Sunday, June 1, 2014
Grunge Butterfly Manicure + Tutorial
Hi there! It's been a busy weekend here at the OTTC household! I helped my boss with an art festival on Friday and the bf and I hit the Chicago Botanic Garden yesterday. We had a perfect day for it and I snapped lots of lovely flower photos! Spring gives rise to most of my favorite blooms, including poppies and irises (my all-time favorite!). What goes more naturally with flowers than butterflies? Today I have a very dramatic manicure to show you and I've included a tutorial at the end so you can recreate it!
I had actually started out this mani with a different intent but when I started working on it, the patterns reminded me so much of Monarch butterfly wings that I just ran with it.

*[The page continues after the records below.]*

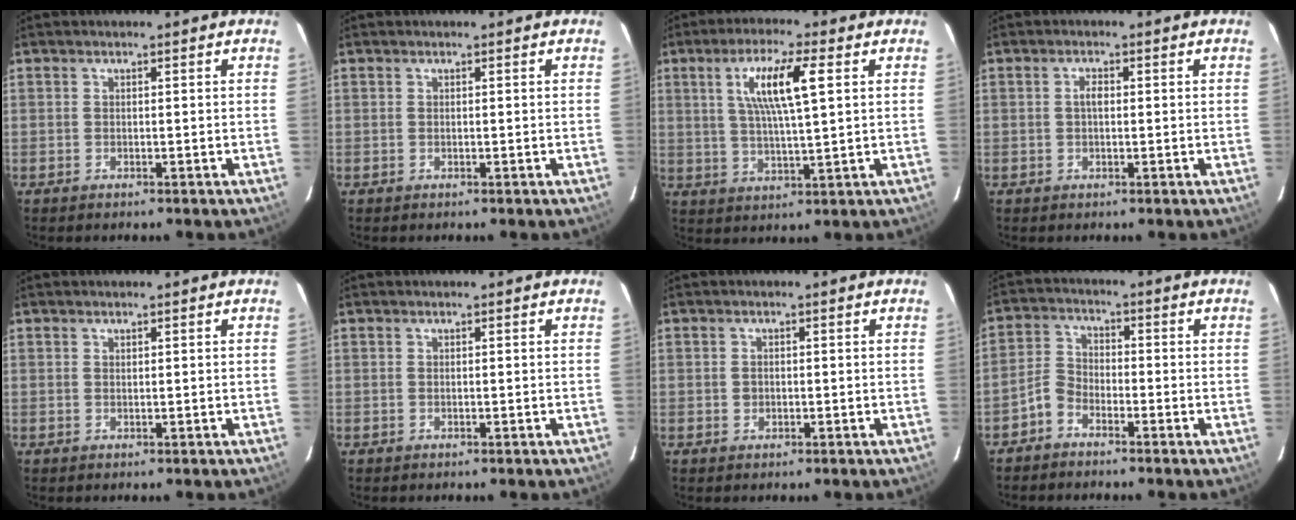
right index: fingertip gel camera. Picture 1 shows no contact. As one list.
[{"total": 0.0}, {"total": 9.6, "force": [3.0, 1.3, 9.0], "torque": [-0.167, 0.003, 0.056]}, {"total": 1.6, "force": [0.1, 0.8, 1.4], "torque": [-0.026, 0.006, -0.002]}, {"total": 0.0}, {"total": 0.0}, {"total": 1.3, "force": [-0.2, 1.2, 0.4], "torque": [-0.005, 0.002, -0.002]}, {"total": 3.9, "force": [-2.8, 2.3, 1.3], "torque": [-0.030, 0.015, -0.063]}]
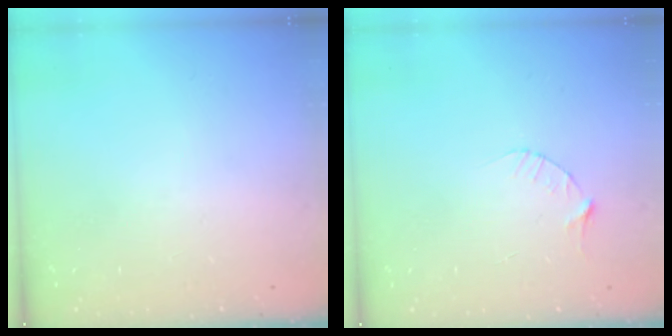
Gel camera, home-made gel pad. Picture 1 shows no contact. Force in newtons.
{"total": 3.1, "press": 3.0, "slide": 0.4}
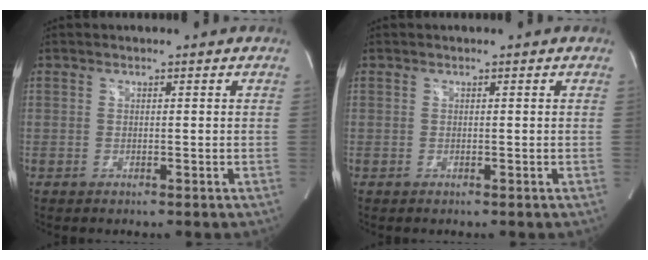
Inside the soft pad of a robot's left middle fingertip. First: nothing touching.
{"total": 0.0}
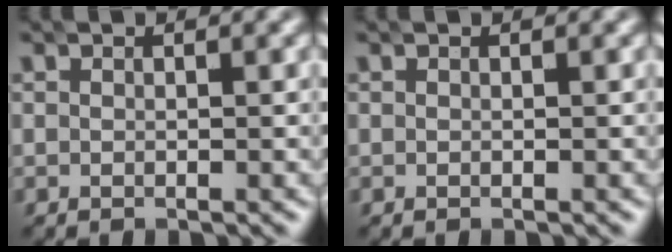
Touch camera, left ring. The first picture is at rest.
{"total": 0.0}
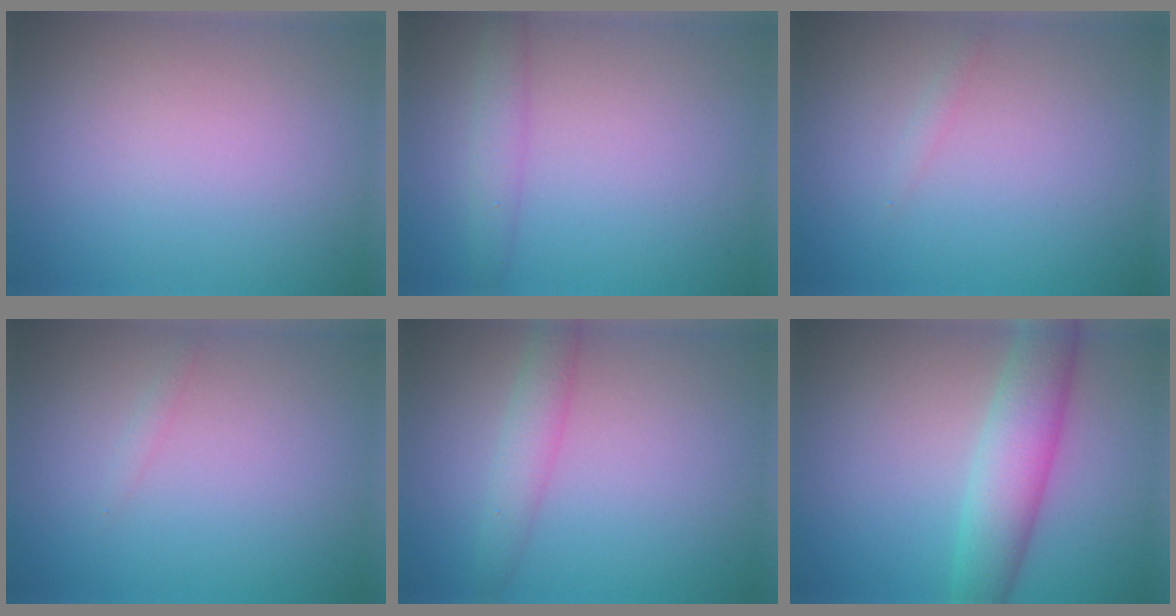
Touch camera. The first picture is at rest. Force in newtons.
{"total": 2.0, "press": 2.0, "slide": 0.0}
{"total": 0.6, "press": 0.6, "slide": 0.0}
{"total": 0.6, "press": 0.6, "slide": 0.0}
{"total": 2.6, "press": 2.6, "slide": 0.1}
{"total": 6.1, "press": 6.1, "slide": 0.1}
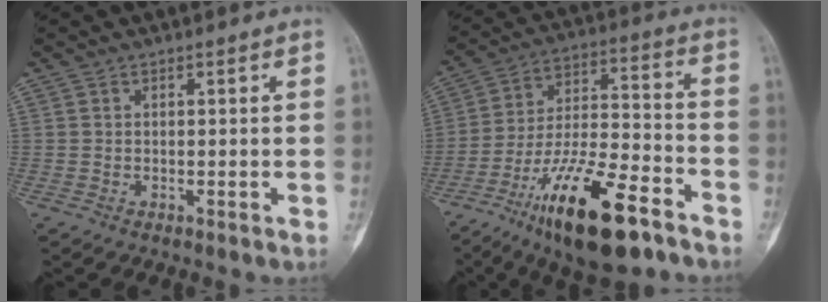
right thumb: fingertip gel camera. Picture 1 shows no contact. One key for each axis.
{"total": 21.2, "fx": -12.5, "fy": 6.8, "fz": 15.7, "tx": -0.287, "ty": 0.068, "tz": -0.215}
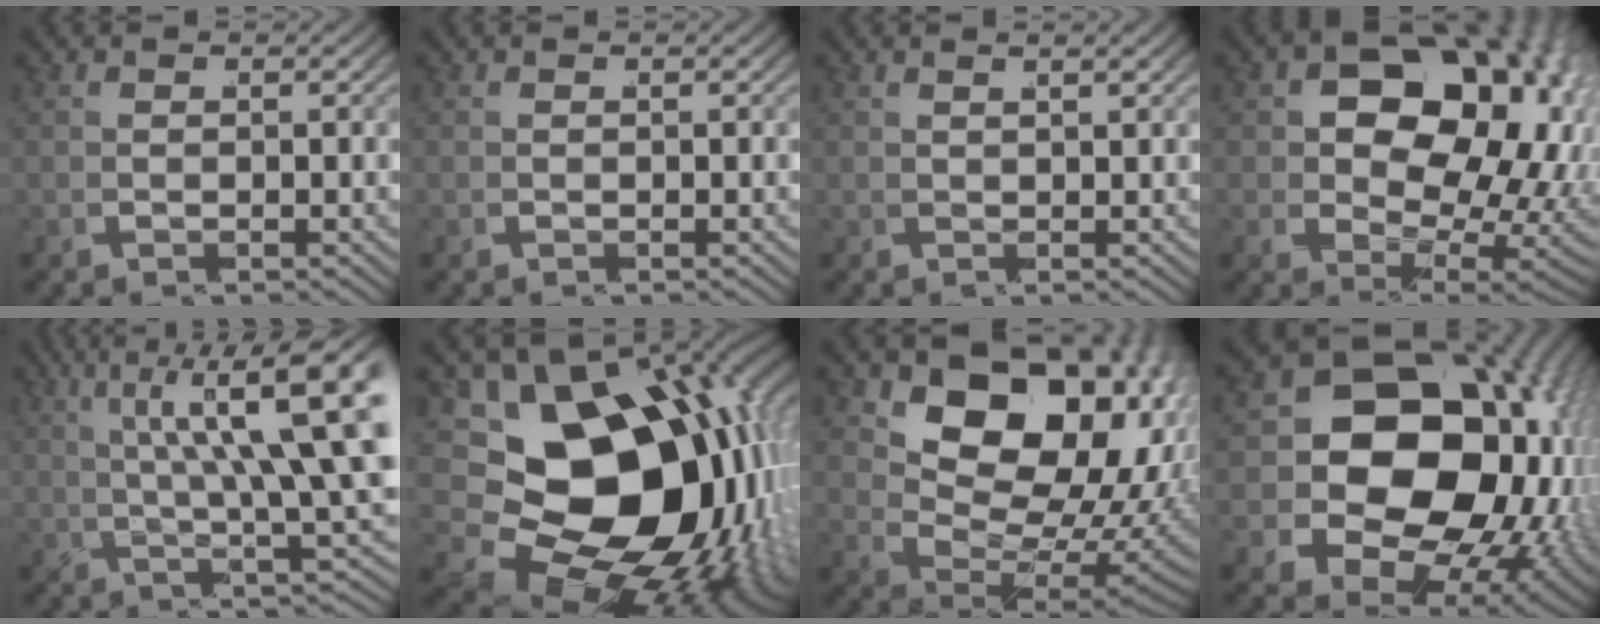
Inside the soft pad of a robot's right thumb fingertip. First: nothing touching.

For this look, I used Studio M polishes in Volt of Light, Psychedelic Scene, Hot Zone, and Lovin' It as well as Sinful Colors in Black on Black. Yes, I know that sounds like a ton of polishes, but the look is actually pretty easy to achieve, I promise!
I wore this mani for several days because I was just so in love with it! The bold black lines and bright colors are sure to catch everyone's eye...I got tons of compliments on this manicure so let's get to that tutorial so you all can try it out!
What you'll need: paper towels, acetone/nail polish remover, a small nail art brush (a small paint brush works well, too), base and top coat, at least 3 brightly colored opaque nail polishes plus a black nail polish
Step 1: Start with your preferred base coat. We'll be using lots of polish here in different colors and you don't want any staining!
Step 2: Apply 1-2 coats of each of your chosen polishes. I suggest you choose opaque polishes rather than sheers. You'll need each color to be opaque to get good results and if you have to use 4 coats of a polish for opacity, you're either going to wait forever for things to dry or end up with a gloppy old mess. For my tutorial photos, I used Sally Hansen's Insta-Dri in Lively Lilac, Blue-Away, and Snappy Sorbet. Be sure to allow plenty of drying time between color layers. You can speed things up with a thin coat of a fast dry top coat between the colors (I used Seche Vite for mine), but I've had better results if I let things dry on their own for about 10 minutes in between colors.
Step 3: Apply one coat of your black polish. I've used Sinful Colors Black on Black for this tutorial. Allow to dry (you can also apply a thin coat of a fast drying top coat, if you're in a hurry).
Step 4: Using your small nail art brush dipped in acetone (or nail polish remover, but I've found pure acetone gives better results), begin removing the top layer of black polish so the under layers of polish show through. This can be a tricky step. I usually clean my brush with a paper towel and re-dip it in acetone between each swipe on the nail. After a few swipes with acetone, you'll see the layers of polish colors begin to show through. You don't have to imitate a butterfly wing. This technique can be as precise or abstract as you like.
Step 5: Continue removing the polish layers carefully until you are satisfied with the look. Be aware that if you remove too many layers you'll be left with bare nail, which is not what we're looking for here.
Step 6: When you're happy with the way your manicure looks, top with your favorite top coat to finish. You can also use a smoothing top coat. Because you've "scraped" out layers of polish, you may need a smoothing top coat (like Gothic Gala's Smooth Me Over Top Coat or Carpe Noctem Cosmetics' Glitter Slayer) to smooth out the bumpiness.
I originally saw this technique at nailsadorned.com, but when I went to find her site to give credit, it wasn't around anymore. I'm assuming that she's given up her site (which is too bad cuz she did some great stuff!) but maybe she just moved somewhere else. If anyone knows differently, please let me know as I'd like to link to her current page! She used the technique in a different way, but I wanted to give her credit for giving me the idea.
I'd love to see any looks you guys come up with using this technique so feel free to link photos or posts to this one if you use it :) Thanks so much for reading!